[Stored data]
· · ·
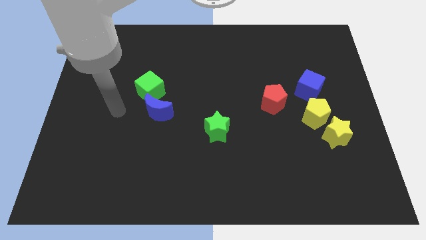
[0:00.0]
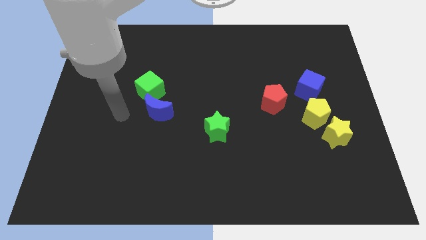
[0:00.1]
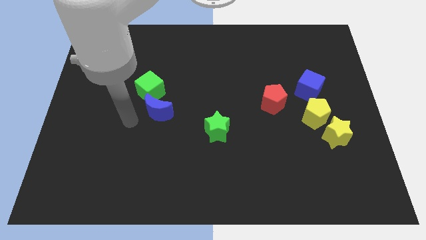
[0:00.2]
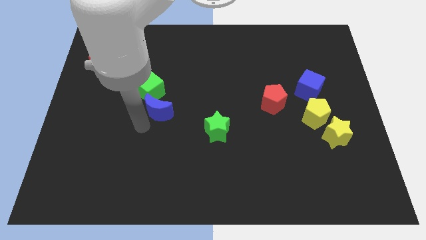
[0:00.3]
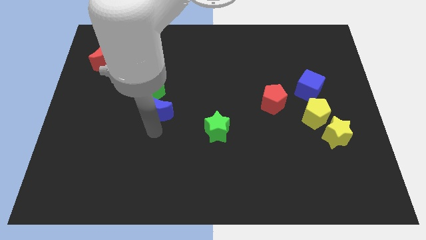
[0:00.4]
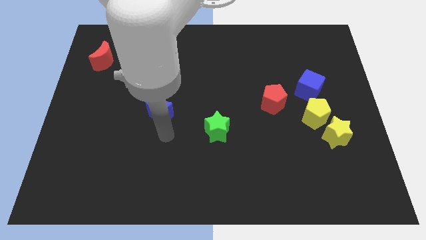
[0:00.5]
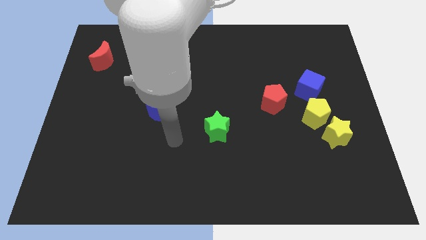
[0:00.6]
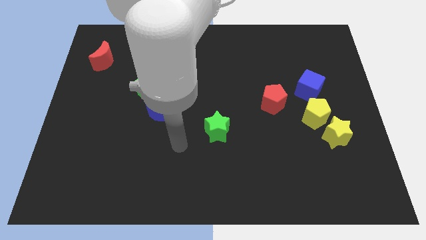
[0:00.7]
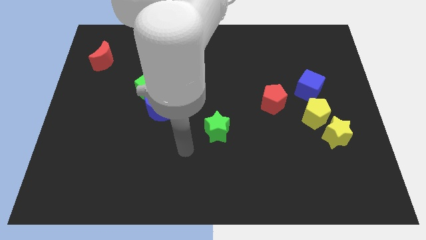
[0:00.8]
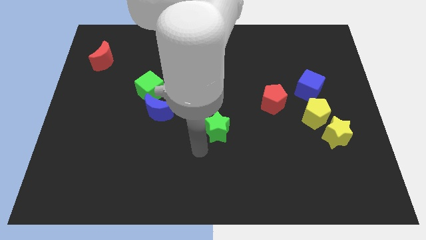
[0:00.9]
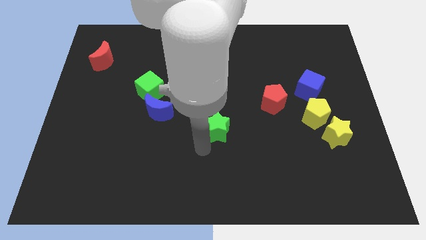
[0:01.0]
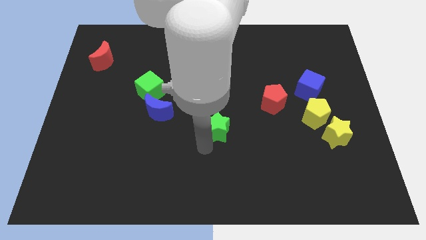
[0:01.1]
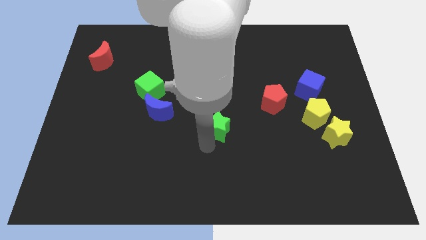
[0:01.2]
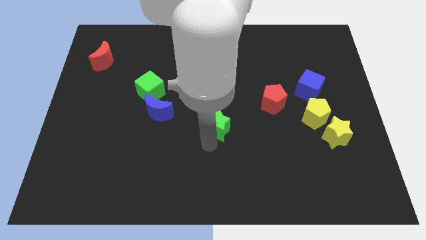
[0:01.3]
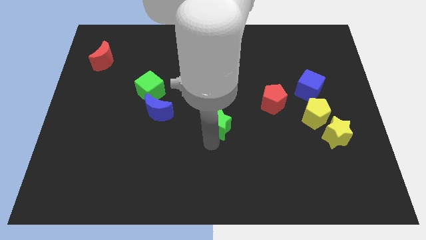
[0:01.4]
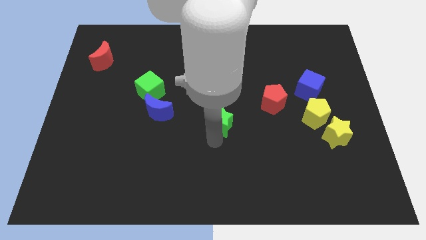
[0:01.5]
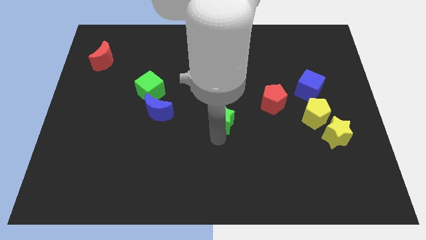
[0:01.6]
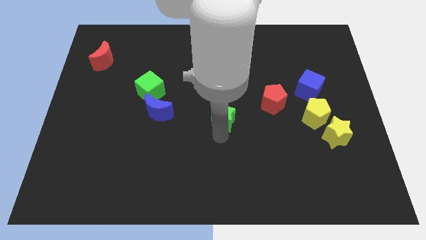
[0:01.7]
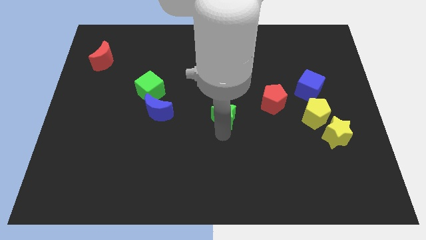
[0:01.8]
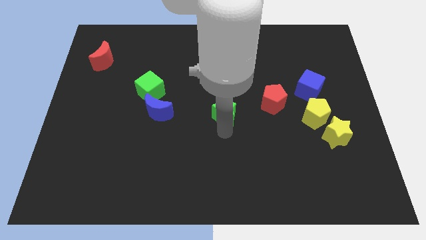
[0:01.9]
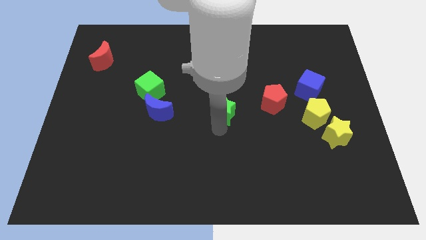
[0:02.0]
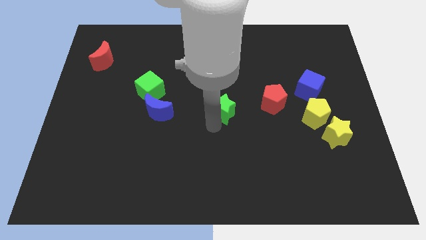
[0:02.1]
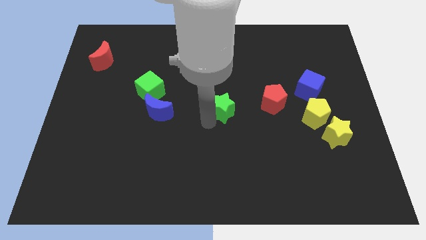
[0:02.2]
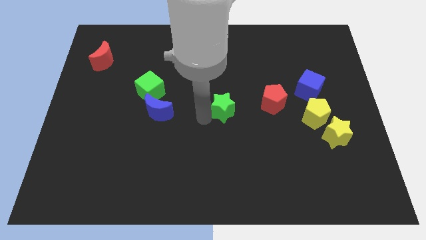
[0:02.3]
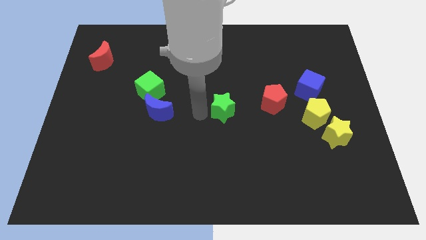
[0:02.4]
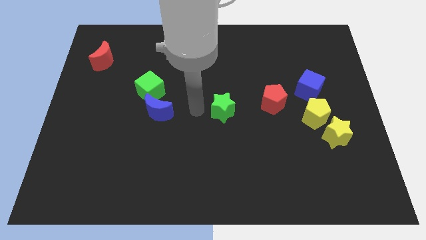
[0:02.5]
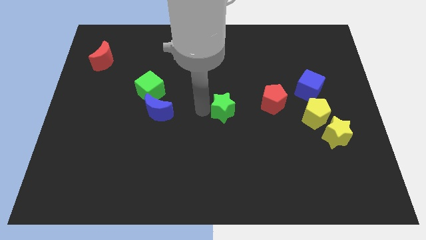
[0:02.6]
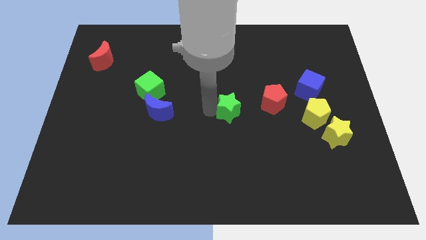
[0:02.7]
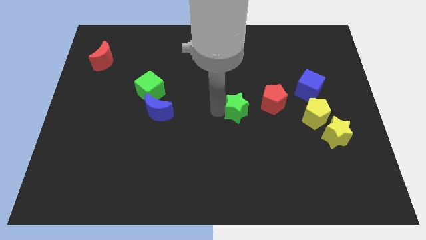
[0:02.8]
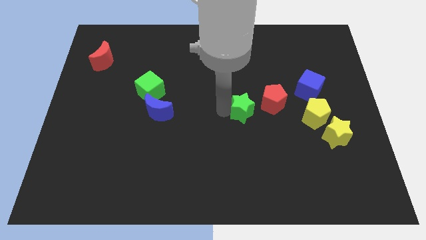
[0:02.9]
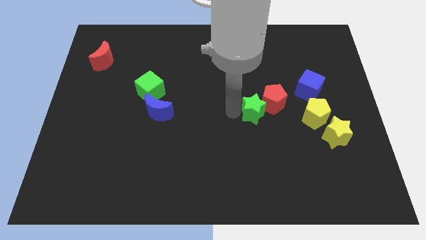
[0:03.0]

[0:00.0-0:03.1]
push the green star to the red pentagon
· · ·
[TASK]
Retype the data above exactly. Do not carry over any images.

[WRITTEN ANSWER]
[0:00.0]
[0:00.1]
[0:00.2]
[0:00.3]
[0:00.4]
[0:00.5]
[0:00.6]
[0:00.7]
[0:00.8]
[0:00.9]
[0:01.0]
[0:01.1]
[0:01.2]
[0:01.3]
[0:01.4]
[0:01.5]
[0:01.6]
[0:01.7]
[0:01.8]
[0:01.9]
[0:02.0]
[0:02.1]
[0:02.2]
[0:02.3]
[0:02.4]
[0:02.5]
[0:02.6]
[0:02.7]
[0:02.8]
[0:02.9]
[0:03.0]

[0:00.0-0:03.1]
push the green star to the red pentagon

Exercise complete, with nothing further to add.